Data entries:
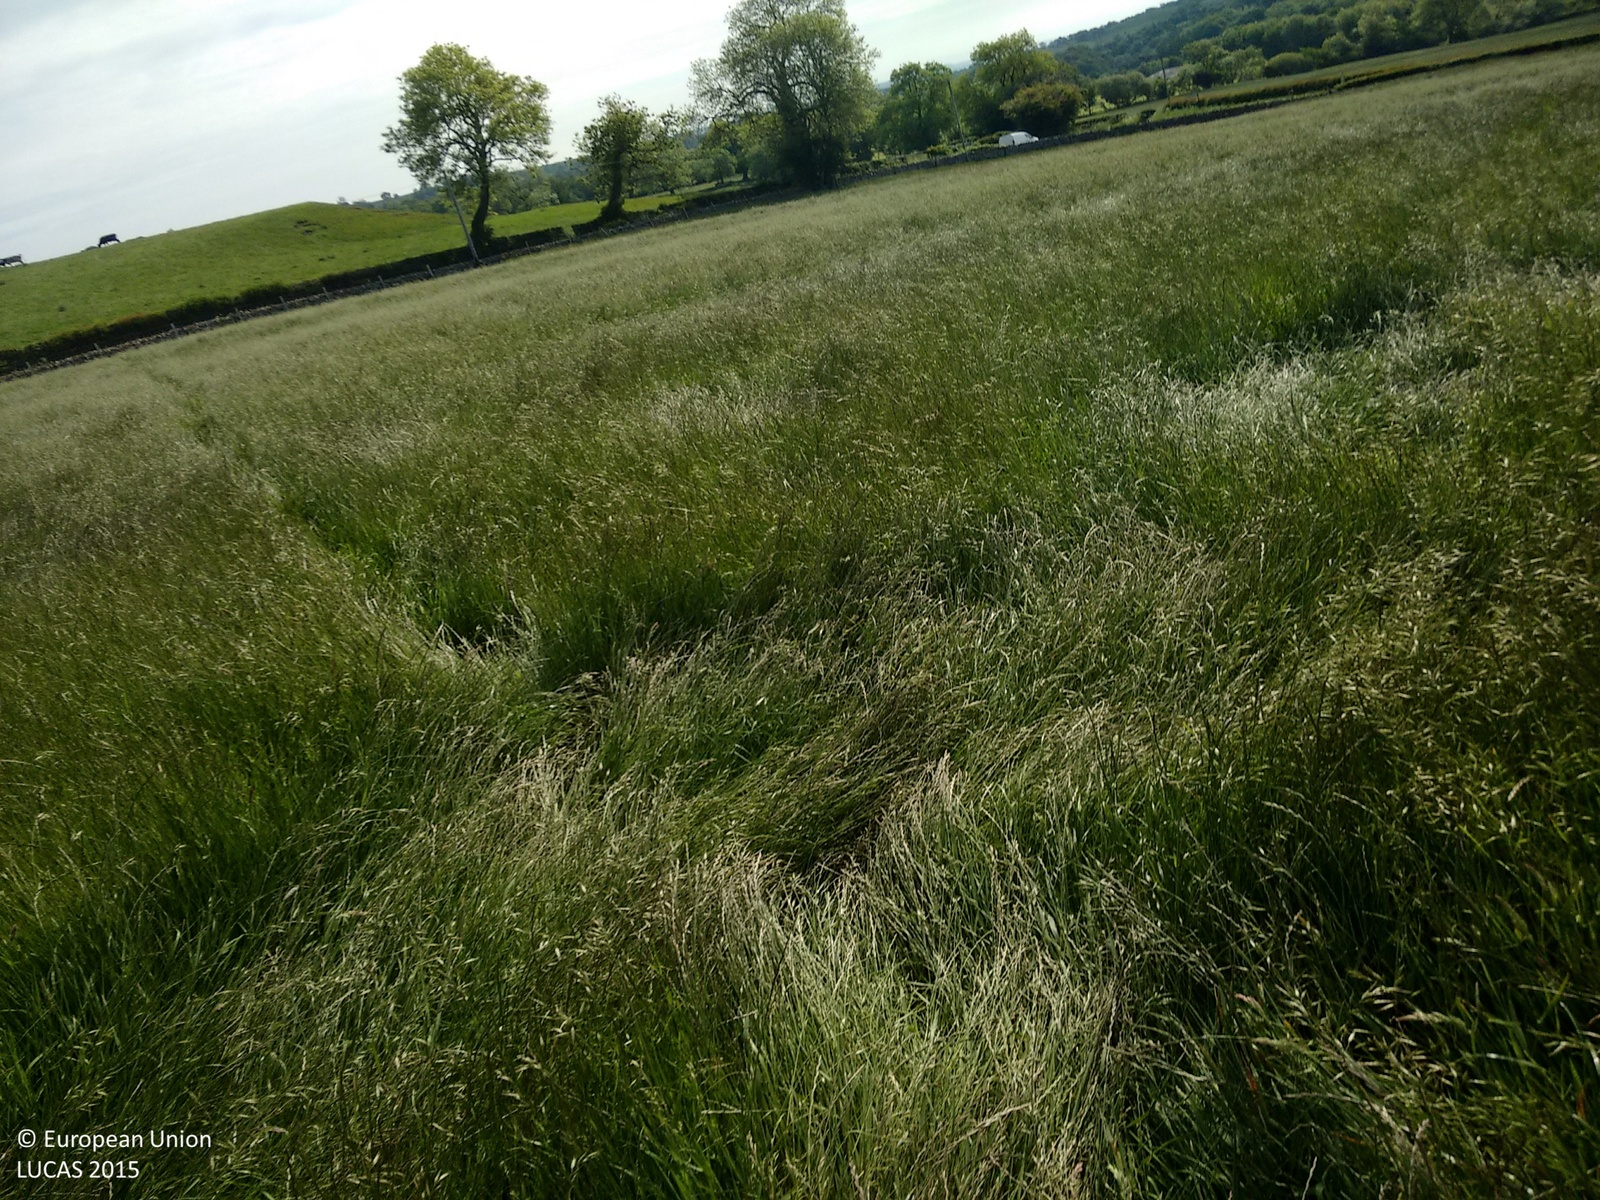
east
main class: Grassland
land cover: Grassland without tree/shrub cover
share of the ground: > 75 %
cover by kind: herbaceous plants 100 %
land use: Agriculture (excluding fallow land and kitchen gardens)
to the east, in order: Grassland without tree/shrub cover; Fences; Dry stone walls; Grassland without tree/shrub cover; Paved roads, cycling and walking lanes; Grass margins; Paved roads, cycling and walking lanes; Grass margins; Managed hedges; Fences; Grassland without tree/shrub cover
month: June
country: GB
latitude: 54.2710
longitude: -1.8626

• DIRECTIONS FOR THIS TASK:
Output each line exactly as shown above; no pictures go in the copy.

• RESPONSE:
east
main class: Grassland
land cover: Grassland without tree/shrub cover
share of the ground: > 75 %
cover by kind: herbaceous plants 100 %
land use: Agriculture (excluding fallow land and kitchen gardens)
to the east, in order: Grassland without tree/shrub cover; Fences; Dry stone walls; Grassland without tree/shrub cover; Paved roads, cycling and walking lanes; Grass margins; Paved roads, cycling and walking lanes; Grass margins; Managed hedges; Fences; Grassland without tree/shrub cover
month: June
country: GB
latitude: 54.2710
longitude: -1.8626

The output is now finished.